Given entries:
====================

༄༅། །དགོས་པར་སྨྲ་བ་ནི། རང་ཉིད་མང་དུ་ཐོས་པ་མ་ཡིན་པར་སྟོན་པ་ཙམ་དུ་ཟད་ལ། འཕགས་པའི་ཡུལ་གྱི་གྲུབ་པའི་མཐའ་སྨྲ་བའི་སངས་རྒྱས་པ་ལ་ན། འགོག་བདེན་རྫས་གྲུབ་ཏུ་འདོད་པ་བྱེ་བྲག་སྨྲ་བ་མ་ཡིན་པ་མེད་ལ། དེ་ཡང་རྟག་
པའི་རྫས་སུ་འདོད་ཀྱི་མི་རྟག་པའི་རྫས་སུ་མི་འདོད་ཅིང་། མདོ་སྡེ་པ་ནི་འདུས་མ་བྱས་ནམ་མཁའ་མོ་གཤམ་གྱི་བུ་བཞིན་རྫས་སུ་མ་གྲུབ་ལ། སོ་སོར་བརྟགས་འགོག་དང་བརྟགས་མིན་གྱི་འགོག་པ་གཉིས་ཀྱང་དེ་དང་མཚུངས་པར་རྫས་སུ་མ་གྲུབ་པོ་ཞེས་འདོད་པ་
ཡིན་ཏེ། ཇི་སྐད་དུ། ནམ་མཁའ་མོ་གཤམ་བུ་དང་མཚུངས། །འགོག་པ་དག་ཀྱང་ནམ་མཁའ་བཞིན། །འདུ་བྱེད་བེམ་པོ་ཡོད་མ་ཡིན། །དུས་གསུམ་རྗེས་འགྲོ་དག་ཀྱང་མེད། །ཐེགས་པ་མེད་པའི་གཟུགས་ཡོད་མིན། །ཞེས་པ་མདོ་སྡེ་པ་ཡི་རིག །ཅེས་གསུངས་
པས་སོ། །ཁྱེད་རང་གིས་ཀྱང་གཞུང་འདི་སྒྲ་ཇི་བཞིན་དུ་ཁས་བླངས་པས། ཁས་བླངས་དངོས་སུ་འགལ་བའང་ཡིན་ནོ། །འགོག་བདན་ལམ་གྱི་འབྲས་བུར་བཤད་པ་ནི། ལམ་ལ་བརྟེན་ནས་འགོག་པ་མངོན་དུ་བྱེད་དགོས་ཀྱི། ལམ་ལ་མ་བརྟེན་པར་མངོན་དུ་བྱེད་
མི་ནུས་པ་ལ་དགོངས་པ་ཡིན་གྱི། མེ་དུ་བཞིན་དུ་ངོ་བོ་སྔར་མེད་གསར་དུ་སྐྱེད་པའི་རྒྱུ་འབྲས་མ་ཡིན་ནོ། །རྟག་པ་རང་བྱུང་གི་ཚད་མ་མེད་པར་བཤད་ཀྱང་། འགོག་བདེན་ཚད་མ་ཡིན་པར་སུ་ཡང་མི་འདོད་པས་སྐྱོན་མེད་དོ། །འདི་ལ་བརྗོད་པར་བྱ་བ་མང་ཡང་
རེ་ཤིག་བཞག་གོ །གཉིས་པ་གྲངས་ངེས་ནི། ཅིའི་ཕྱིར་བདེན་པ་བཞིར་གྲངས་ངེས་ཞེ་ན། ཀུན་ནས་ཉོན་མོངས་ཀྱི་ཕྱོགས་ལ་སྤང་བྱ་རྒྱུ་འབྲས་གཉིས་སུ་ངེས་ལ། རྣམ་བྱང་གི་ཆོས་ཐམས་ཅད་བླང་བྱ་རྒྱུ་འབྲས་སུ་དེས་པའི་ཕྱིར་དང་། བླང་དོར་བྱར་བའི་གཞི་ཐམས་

====================

Your task:
Give the listing above again, word for word.

Response to this task:
༄༅། །དགོས་པར་སྨྲ་བ་ནི། རང་ཉིད་མང་དུ་ཐོས་པ་མ་ཡིན་པར་སྟོན་པ་ཙམ་དུ་ཟད་ལ། འཕགས་པའི་ཡུལ་གྱི་གྲུབ་པའི་མཐའ་སྨྲ་བའི་སངས་རྒྱས་པ་ལ་ན། འགོག་བདེན་རྫས་གྲུབ་ཏུ་འདོད་པ་བྱེ་བྲག་སྨྲ་བ་མ་ཡིན་པ་མེད་ལ། དེ་ཡང་རྟག་
པའི་རྫས་སུ་འདོད་ཀྱི་མི་རྟག་པའི་རྫས་སུ་མི་འདོད་ཅིང་། མདོ་སྡེ་པ་ནི་འདུས་མ་བྱས་ནམ་མཁའ་མོ་གཤམ་གྱི་བུ་བཞིན་རྫས་སུ་མ་གྲུབ་ལ། སོ་སོར་བརྟགས་འགོག་དང་བརྟགས་མིན་གྱི་འགོག་པ་གཉིས་ཀྱང་དེ་དང་མཚུངས་པར་རྫས་སུ་མ་གྲུབ་པོ་ཞེས་འདོད་པ་
ཡིན་ཏེ། ཇི་སྐད་དུ། ནམ་མཁའ་མོ་གཤམ་བུ་དང་མཚུངས། །འགོག་པ་དག་ཀྱང་ནམ་མཁའ་བཞིན། །འདུ་བྱེད་བེམ་པོ་ཡོད་མ་ཡིན། །དུས་གསུམ་རྗེས་འགྲོ་དག་ཀྱང་མེད། །ཐེགས་པ་མེད་པའི་གཟུགས་ཡོད་མིན། །ཞེས་པ་མདོ་སྡེ་པ་ཡི་རིག །ཅེས་གསུངས་
པས་སོ། །ཁྱེད་རང་གིས་ཀྱང་གཞུང་འདི་སྒྲ་ཇི་བཞིན་དུ་ཁས་བླངས་པས། ཁས་བླངས་དངོས་སུ་འགལ་བའང་ཡིན་ནོ། །འགོག་བདན་ལམ་གྱི་འབྲས་བུར་བཤད་པ་ནི། ལམ་ལ་བརྟེན་ནས་འགོག་པ་མངོན་དུ་བྱེད་དགོས་ཀྱི། ལམ་ལ་མ་བརྟེན་པར་མངོན་དུ་བྱེད་
མི་ནུས་པ་ལ་དགོངས་པ་ཡིན་གྱི། མེ་དུ་བཞིན་དུ་ངོ་བོ་སྔར་མེད་གསར་དུ་སྐྱེད་པའི་རྒྱུ་འབྲས་མ་ཡིན་ནོ། །རྟག་པ་རང་བྱུང་གི་ཚད་མ་མེད་པར་བཤད་ཀྱང་། འགོག་བདེན་ཚད་མ་ཡིན་པར་སུ་ཡང་མི་འདོད་པས་སྐྱོན་མེད་དོ། །འདི་ལ་བརྗོད་པར་བྱ་བ་མང་ཡང་
རེ་ཤིག་བཞག་གོ །གཉིས་པ་གྲངས་ངེས་ནི། ཅིའི་ཕྱིར་བདེན་པ་བཞིར་གྲངས་ངེས་ཞེ་ན། ཀུན་ནས་ཉོན་མོངས་ཀྱི་ཕྱོགས་ལ་སྤང་བྱ་རྒྱུ་འབྲས་གཉིས་སུ་ངེས་ལ། རྣམ་བྱང་གི་ཆོས་ཐམས་ཅད་བླང་བྱ་རྒྱུ་འབྲས་སུ་དེས་པའི་ཕྱིར་དང་། བླང་དོར་བྱར་བའི་གཞི་ཐམས་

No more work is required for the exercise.